TOTAL SYNTHESIS OF NATURAL PRODUCT

            Di postingan sebelummya sudah sering dibahas mengenai sintesis total. Pada postingan kali ini saya akan membahas mengenai sintesis total dari senyawa bahan alam (Sintesis Nakiterpiosin).
Bagan 1. C-nor-D-homosteroid dan dua antagonis Hedgehog pertama dalam uji klinis

Sintesis Nakiterpiosin
Strategi sintetis ini melibatkan konstruksi konvergen cincin cyclopentanone pusat dengan reaksi kopling karbonil dan reaksi siklisasi foto-Nazarov. Komponen penggandengan elektrofilik (51) disintesis oleh reaksi Diels-Alder intramolekuler dan komponen penggandengan nukleofilik 52 oleh reaksi mukaiyama aldol vinylogous [35]. Struktur nakiterpiosin pada awalnya ditugaskan sebagai 49 oleh Uemura berdasarkan eksperimen NMR [9]. Bingung dengan inkonsistensi stereokimia C-20 dari 49 dengan cyclopamine (3) dan veratramine (4), pertama-tama dimulai menyelidiki stereokimia nakiterpiosin relatif. Studi model ini menunjukkan adanya kekeliruan potensial dari pusat stereogenik C-6, C-20, dan C-25 [32]. Selanjutnya dianggap biogenesis atom halogen nakiterpiosin untuk merasionalisasi stereokimia C-6 dan C-20 . Kami membayangkan bahwa atom klorin C-21 nakiterpiosin dapat dikenalkan dengan klorinasi radikal, dan atom bromin C-6 oleh bromoetheri fi kasi (seperti ditunjukkan pada 50) untuk menghasilkan penyimpanan konfigurasi C-20 dan anti C-5, 6 stereokimia bromohidrin.
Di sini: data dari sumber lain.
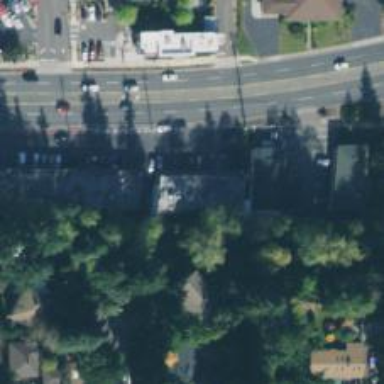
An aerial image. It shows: Convenience shop.
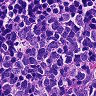
Metastatic tissue present: no
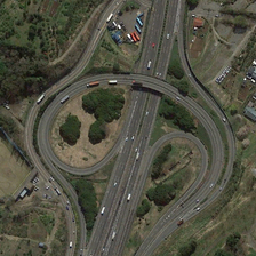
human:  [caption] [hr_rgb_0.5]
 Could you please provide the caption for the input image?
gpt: the a viaduct is connected to the straight road by arc shaped ramps .

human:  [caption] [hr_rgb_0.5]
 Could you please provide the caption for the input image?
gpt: several trucks are travelling over the viaduct which spans the straight wide road next to those lush trees .

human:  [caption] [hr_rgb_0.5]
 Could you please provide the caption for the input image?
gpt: The winding viaducts are connected by a straight road through ramps.

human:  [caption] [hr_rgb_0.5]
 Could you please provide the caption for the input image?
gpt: The curved viaduct is connected to a straight line through a ramp.

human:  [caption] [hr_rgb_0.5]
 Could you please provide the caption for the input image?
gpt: The curved viaduct is connected to the straight road by ramps.
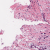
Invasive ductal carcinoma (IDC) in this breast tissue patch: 1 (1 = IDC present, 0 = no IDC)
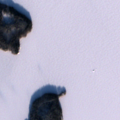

Secara keseluruhan, pertimbangan ini mendorong kami untuk mengusulkan 1 sebagai struktur nakiterpiosin yang benar, yang kemudian dikonfirmasikan melalui sintesis total 49 dan 1
Diagram 2.3 Revisi struktural dan analisis biosintesis nakiterpiosin
Skema 2.4 Sintesis komponen kopling elektrofilik 51
Sintesis komponen kopling elektrofilik (51) dimulai dengan asilasi Friedel-Craft dari furan dengan suksinat anhidrida. Asam yang dihasilkan diubah menjadi amida Weinreb (53). Pengurangan Noyori dengan modifikasi Xiao kemudian digunakan untuk mengatur stereokimia C-6, memberikan 54. Reaksi Grignard kemudian memberi enone (55). Reaksi Diels-Alder intramolekul selanjutnya dilanjutkan dengan kontrol stereokimia yang baik untuk memberikan produk ekso secara eksklusif. Kelompok hidroksil C-6 sterik yang padat kemudian diaktifkan dengan kelompok aril sulfonat yang tidak biasa dan memiliki elektron 56. Untuk menghindari reaksi retro-Diels-Alder, 56 dihidroksilasi sebelum dilakukan pengenalan atom bromin (57). Penghapusan kelompok acetonide diikuti oleh pembelahan diol menghasilkan bis-hemiacetal. Pengurangan selektif dari kelompok hemiacetal yang kurang tersentuh memberi 58. Sisa hemiacetal yang tersisa terlindungi, dan keton diubah menjadi enol tri flam, sehingga menyimpulkan sintesis komponen kopling elektrofilik 51. Sintesis komponen penggandengan nukleofilik (52) dimulai dengan pengurangan 3-bromo-2-methylbenzenecarboxylic acid, dan diikuti dengan reaksi Horner-Wadsworth-Emmons dari aldehida yang sesuai, dan pengurangan 1,2 enoate yang dihasilkan mampu  59 (Skema 2.5). Epoxidation Sharpless digunakan untuk mengatur stereokimia C-20, memberikan epoksida 60 dengan 92%.
Skema 2.5 Sintesis komponen kopling nukleofilik 52
Skema 2.6 Penyelesaian sintesis nakiterpiosin (1)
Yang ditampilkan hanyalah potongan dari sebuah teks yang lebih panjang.